Real GDP rose 0.2% in February. The country is on track for about 1.7% annual growth in the first quarter. The data came from Statistics Canada on April 30.
That's a sharp bounce after a soft end to 2025. It also lands while the Bank of Canada is weighing its next rate move.
Factories Led The Gain
Goods-making firms grew 0.4% in February.
Factories did most of the heavy lifting. The factory sector rose 1.8% in the month. That was the biggest monthly gain in factories since January 2023.
The bounce was wide.
Machinery makers added 8.7%. Transport gear rose 5.5%. Cars and parts climbed 9.8%.
Inside that car number, the gain was even sharper. Vehicle assembly itself jumped 20.4%. Parts rose 4.2%.
Several Ontario car plants drove the rebound. They had been shut for retooling in January. They ramped back up in February.
That came as U.S. car output rose at the same time, which lifted exports of cars and parts.
This matters because factories have been the most exposed sector to U.S. tariff stress. The sector had been sliding for months. February flipped that.
What Else Moved The Print
Wholesale trade rose 0.9% as auto supply bottlenecks eased. The gain almost fully offset January's drop.
Car parts wholesalers were up 6.1%. Food and drink wholesalers were up 2.7%. Drug wholesalers were up too.
Wholesale trade tracks goods on the move.
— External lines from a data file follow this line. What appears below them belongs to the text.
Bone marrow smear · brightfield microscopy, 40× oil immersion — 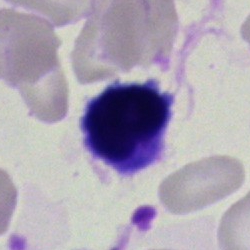Cell type = lymphocyte.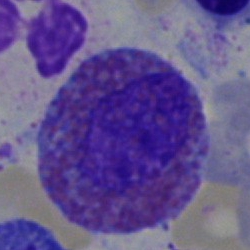
Specimen: bone marrow aspirate smear.
Morphological class: eosinophilic granulocyte.
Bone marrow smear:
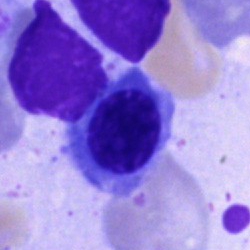Erythroblast.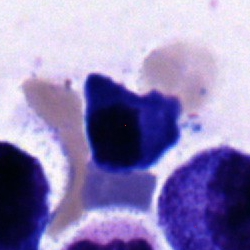 Morphology — plasma cell.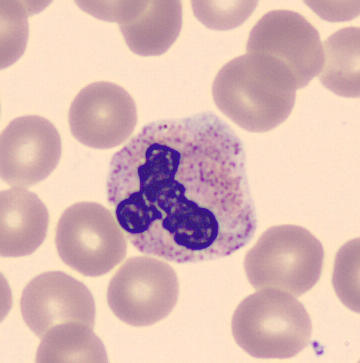 Preparation: Peripheral blood film; CellaVision DM96 digital cell image; single-cell crop.

This is a neutrophil (segmented).
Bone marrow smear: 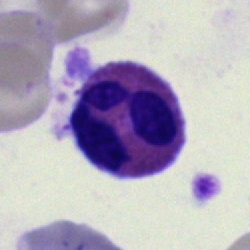

An eosinophil.
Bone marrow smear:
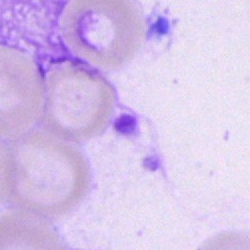

Morphology consistent with an artifact.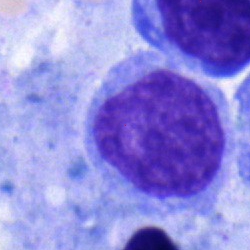

Bone marrow aspirate smear, single cell — undifferentiated blast.
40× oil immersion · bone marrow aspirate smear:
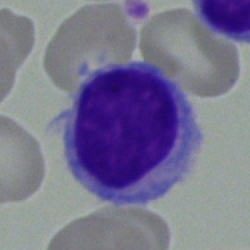

Cell — typical lymphocyte.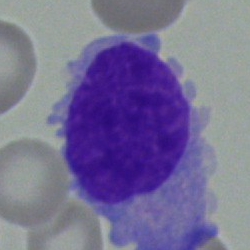Cell type = blast.
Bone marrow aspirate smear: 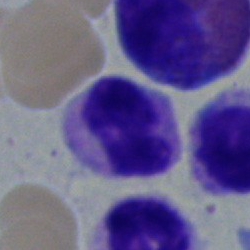
Q: What cell is this?
A: It is a neutrophil (band).
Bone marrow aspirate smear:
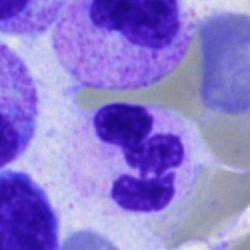 Cell: neutrophil (segmented).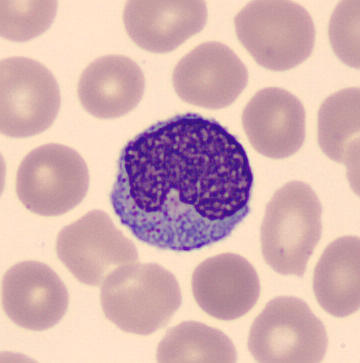Peripheral blood smear; May Grünwald-Giemsa stain.

Monocyte.
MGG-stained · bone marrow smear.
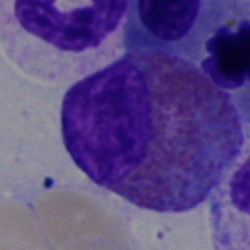

Q: Which cell type is shown here?
A: It is an eosinophil.
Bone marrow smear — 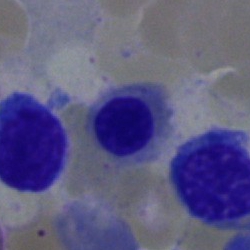

Q: Which cell type is shown here?
A: It is a nucleated red cell.
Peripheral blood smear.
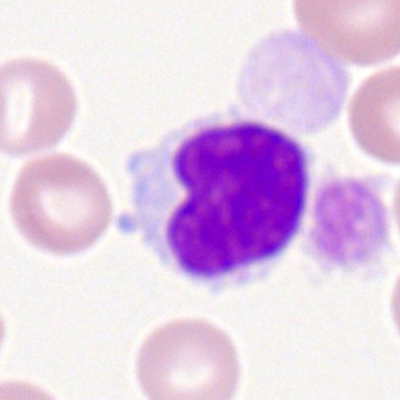

The classification is typical lymphocyte.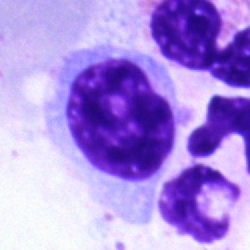The cell type is lymphocyte.
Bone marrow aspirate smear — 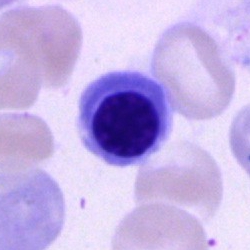
Specimen: bone marrow smear.
Cell type: erythroblast.
Lineage: erythroid.
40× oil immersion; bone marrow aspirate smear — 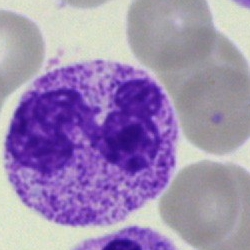 Morphology consistent with a segmented neutrophil.
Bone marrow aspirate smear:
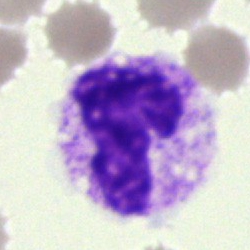The cell shown is a segmented neutrophil.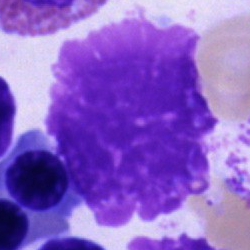
Classification = artefact.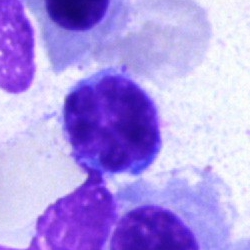

Morphological class = lymphocyte.
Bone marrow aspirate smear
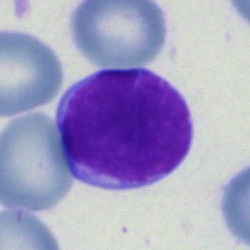 Typical lymphocyte.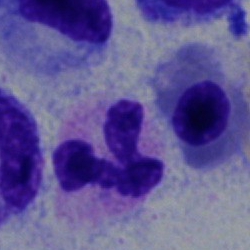Cell — neutrophil (segmented).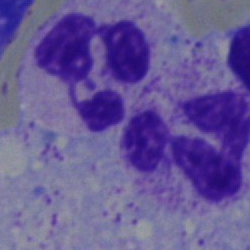 Morphological class = segmented neutrophil.
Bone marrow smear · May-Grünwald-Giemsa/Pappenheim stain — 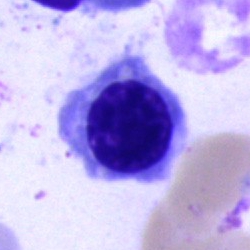

Q: What is the morphological classification of this cell?
A: This is an erythroblast.
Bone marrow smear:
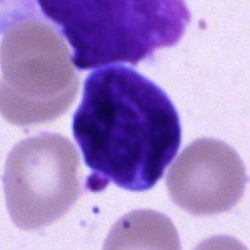Specimen: bone marrow aspirate smear.
Morphological class: lymphocyte.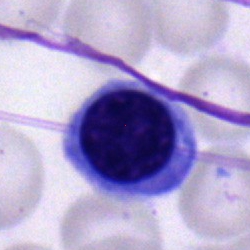Bone marrow smear showing an erythroblast.
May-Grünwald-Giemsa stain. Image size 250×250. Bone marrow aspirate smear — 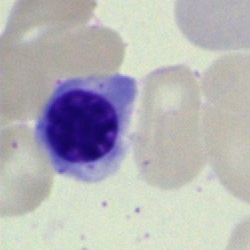
{"cell_type": "normoblast"}
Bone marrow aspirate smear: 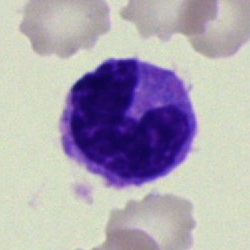The cell shown is a neutrophil (band).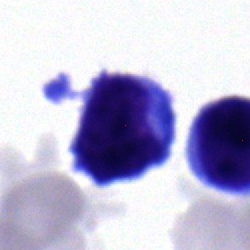 Q: What cell is this?
A: This is a lymphocyte.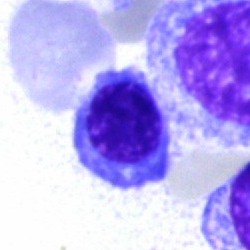Morphological class = nucleated red cell.
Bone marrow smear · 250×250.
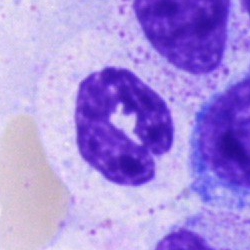Specimen: bone marrow aspirate smear.
Morphological class: segmented neutrophil.

So a strong wholesale month often points to a strong factory month, which is exactly what landed.
Truck transport rose 2.3%. That was its biggest gain since March 2021. It tracked the same auto rebound.
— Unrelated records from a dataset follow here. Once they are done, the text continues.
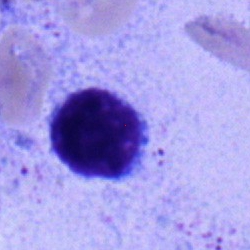Specimen: bone marrow smear.
Classification: lymphocyte.
Lineage: lymphoid.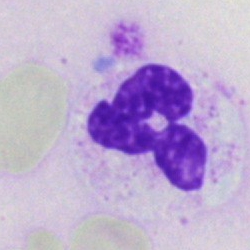

Impression → segmented neutrophil.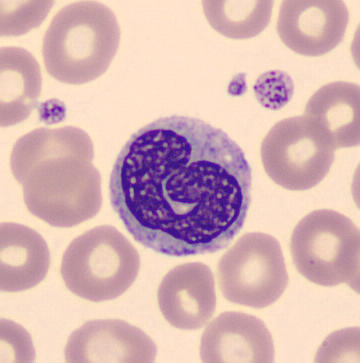
The cell shown is a monocyte.
Peripheral blood smear · 360×363.
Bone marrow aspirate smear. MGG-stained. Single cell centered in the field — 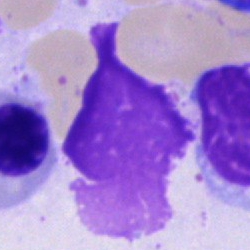 Morphology consistent with an artefact.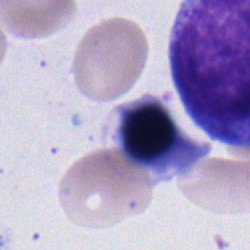A nucleated red cell on a bone marrow smear.
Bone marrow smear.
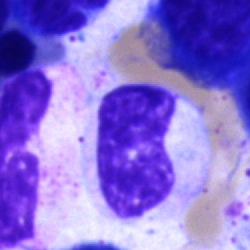

Q: Identify the cell.
A: It is a band neutrophil.
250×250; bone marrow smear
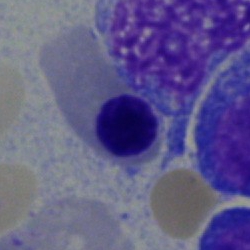 Morphology consistent with a nucleated red cell.
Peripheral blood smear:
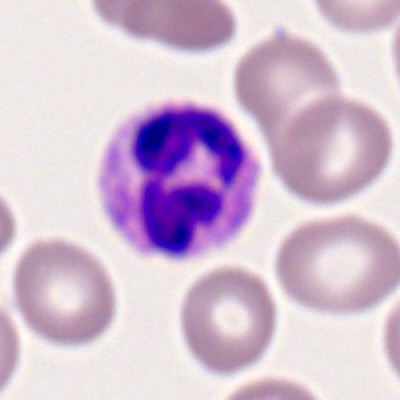

Morphology — polymorphonuclear neutrophil.
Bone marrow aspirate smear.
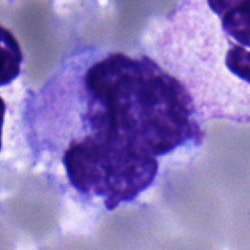
{"cell_type": "monocyte", "lineage": "myeloid"}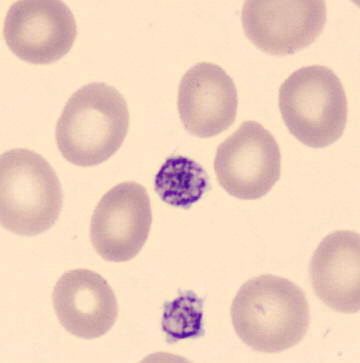
Morphology consistent with a platelet (thrombocyte).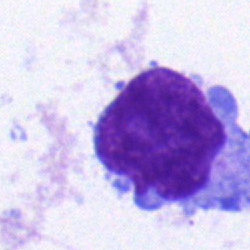 A lymphocyte on a bone marrow smear.
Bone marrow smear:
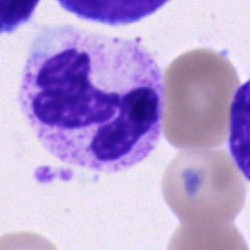Impression → segmented neutrophil.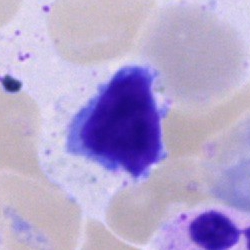
Morphology → typical lymphocyte.
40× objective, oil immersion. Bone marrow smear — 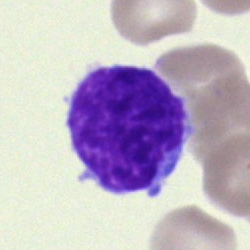Morphology consistent with a lymphocyte.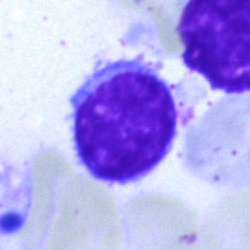
Cell type = typical lymphocyte.
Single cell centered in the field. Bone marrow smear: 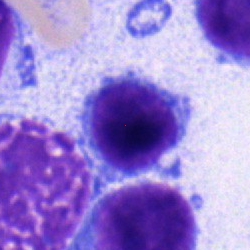Classification: lymphocyte.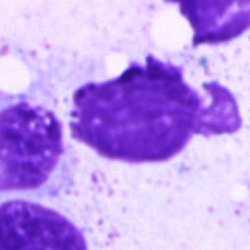

Morphology consistent with an artefact.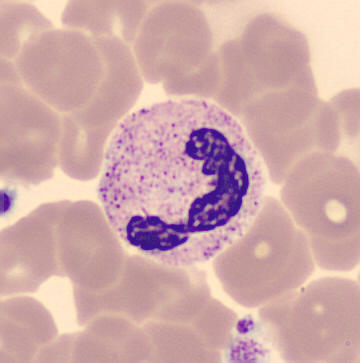 This is a polymorphonuclear neutrophil.

Cropped to a single cell · CellaVision DM96 digital cell image · peripheral blood film.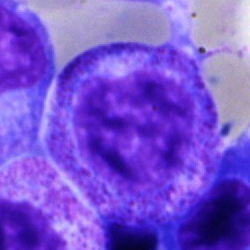

A myelocyte on a bone marrow smear.
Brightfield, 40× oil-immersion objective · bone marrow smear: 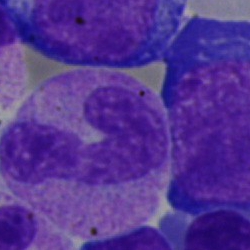 Showing a neutrophil (band).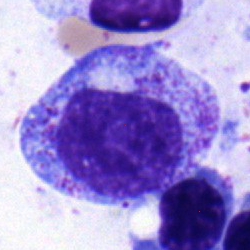 Bone marrow smear showing a myelocyte.
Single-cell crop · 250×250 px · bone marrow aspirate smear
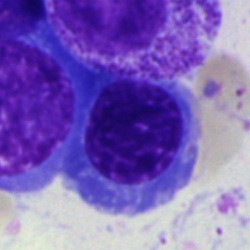
The cell shown is a normoblast.

Rail freight added 1.6%, helped by higher potash and canola loads.
Oil and gas output added 0.4%. Oil sands work slipped 1.7% on plant maintenance in Alberta. Crude pumped in Saskatchewan and Newfoundland made up the gap.
Two things weighed on the print.
The public sector fell 0.3%. Schools and city offices both shrank.
Arts and sports fell 2.5%. The NHL paused for two weeks for the Milano-Cortina 2026 Winter Olympics. Spectator sports activity dropped with it.
What To Watch
Statistics Canada flagged a flat read for March in its early estimate.
Wholesale and transport gains were canceled out by drops in retail and mining. The full Q1 print lands May 29.
The data suggest the economy expanded 0.4% in Q1. That works out to about 1.7% on an annual basis.
The Bank of Canada has been cautious. Tariff stress has clouded the outlook. A clean rebound print could give the bank room to hold rates steady at its next meeting.
A weaker print could push the bank back toward cuts.
Investors are also watching the auto sector closely. Ontario plants are tied to U.S. demand. If U.S. car output slows, the rebound fades fast.
If 1.7% holds, it's a clean bounce number for the Bank of Canada to chew on. A weak handoff into Q2 would change that story fast.